# Some pics of my clan!



## janeen128 (Dec 31, 2012)

Meet my little herd 

1st pic Rosie... Look at her coat... Didn't realize it was copper deficiency.

2nd pic ......my kinder does, from left Patti and Peppermint... any guesses who's going to be mom soon

3rd pic.... my Nubian/Lamancha girls from left to right Daisie and Rosie... any guess who's going to be mom soon? Also check out Rosie's coat... The copper bolus is a miracle Still working out hoof issues, but we are getting there

4th pic one of my wether oberhasli's Peanut, 5th pic, Peanuts partner in crime Linus

6th pic Smith and Wesson.... Smith being the all white one and apparently more photogenic

My bucks... Snoopy the kinder and Charlie Brown is the oberhasli buckling who is now discovering himself....


----------



## KW Farms (Jun 21, 2008)

Super cute! I love the faces!

By the way...moved your thread to the photogenic section...you'll get more views there.


----------



## AmyBoogie (May 20, 2013)

What a cute herd!
Smith is very cute with his little photogenic face in the camera.


----------



## NyGoatMom (Jan 26, 2013)

Janeen.....great job on copper bolusing...what a difference  Very nice goats!


----------



## sweetgoats (Oct 18, 2007)

Good looking goats, and great pasture for them.


----------



## ksalvagno (Oct 6, 2009)

Very nice herd!


----------



## janeen128 (Dec 31, 2012)

KW Farms said:


> Super cute! I love the faces!
> 
> By the way...moved your thread to the photogenic section...you'll get more views there.

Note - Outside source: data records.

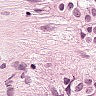
Metastatic tissue present: yes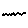
Label: zigzag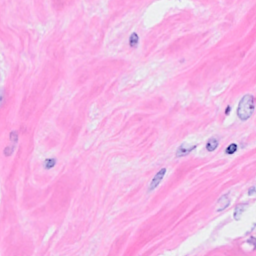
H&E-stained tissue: Breast
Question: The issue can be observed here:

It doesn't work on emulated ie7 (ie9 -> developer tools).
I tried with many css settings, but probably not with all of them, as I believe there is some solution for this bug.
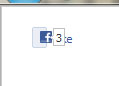
Answer: Its in quirks mode. Apply a proper doctype.
And if you using developer tools,
Change document mode to ie7 standards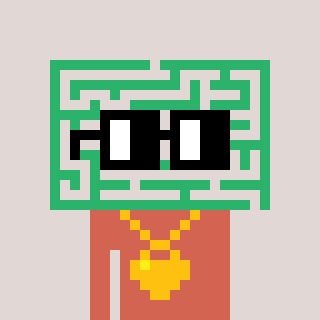
a pixel art character with square black glasses, a maze-shaped head and a peachy-colored body on a warm background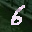
Label: 6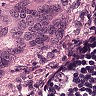
Metastatic tissue present: yes
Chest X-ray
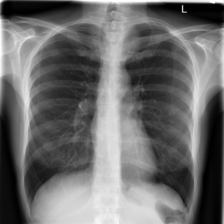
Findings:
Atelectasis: negative
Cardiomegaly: negative
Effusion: negative
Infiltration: negative
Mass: negative
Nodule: negative
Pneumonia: negative
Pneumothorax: negative
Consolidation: negative
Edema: negative
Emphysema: negative
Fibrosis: negative
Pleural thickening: negative
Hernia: negative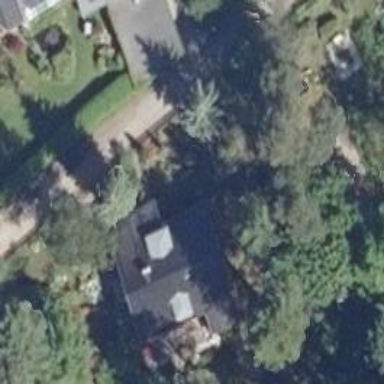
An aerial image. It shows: Detached building.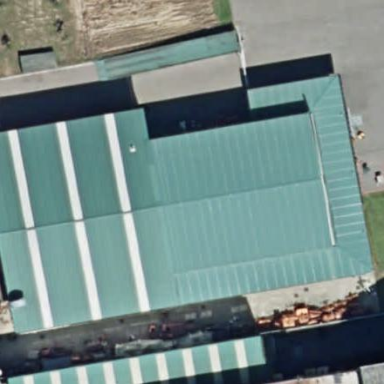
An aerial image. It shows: Industrial building.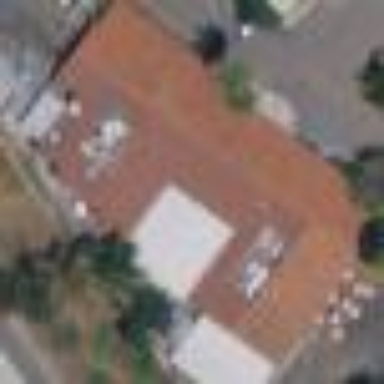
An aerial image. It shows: Commercial building.
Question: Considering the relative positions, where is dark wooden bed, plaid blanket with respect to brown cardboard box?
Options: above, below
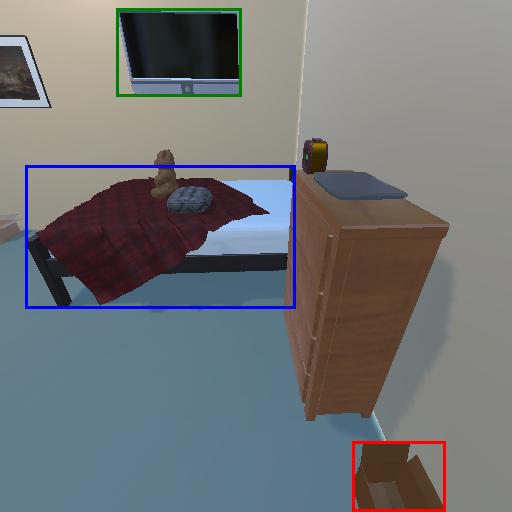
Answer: above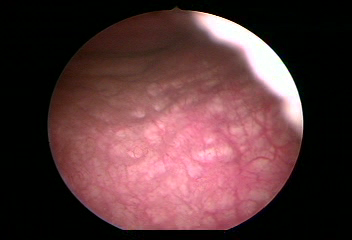
Modality: WLC
Class: Normal mucosa
Bladder cancer association: No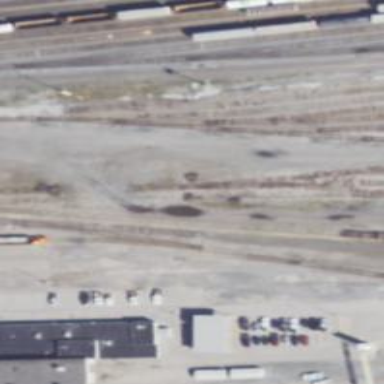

Thanks for moving it.... There are so many sections, I for some reason missed the photogenic section completely


----------



## toth boer goats (Jul 20, 2008)

Aww, cute


----------



## sophieroxy (May 9, 2013)

How cute they are!!! I want more, I only have two! I need a clan too!


----------



## janeen128 (Dec 31, 2012)

Thanks everyone!! I just found out that I might be getting 2 3year old Nubian does..., then I might be housing (temporary arrangement) a 2 year old boar. My friend is up for the idea to have her bred here and then I get to keep one of the kids.... So should I do a boar/kinder cross or boar/oberhasli cross? I tried to look up pics for both, but didn't find anything. All of this will happen of course with negative test results... With the 2 Nubian girls I might try one with the oberhasli and one with the kinder buck... Yikes after all this I might need a bigger barn...LOL


----------



## nchen7 (Feb 25, 2013)

so cute!! look at the difference copper makes!!!


----------



## IrishRoots (Jan 7, 2013)

So cute!!


----------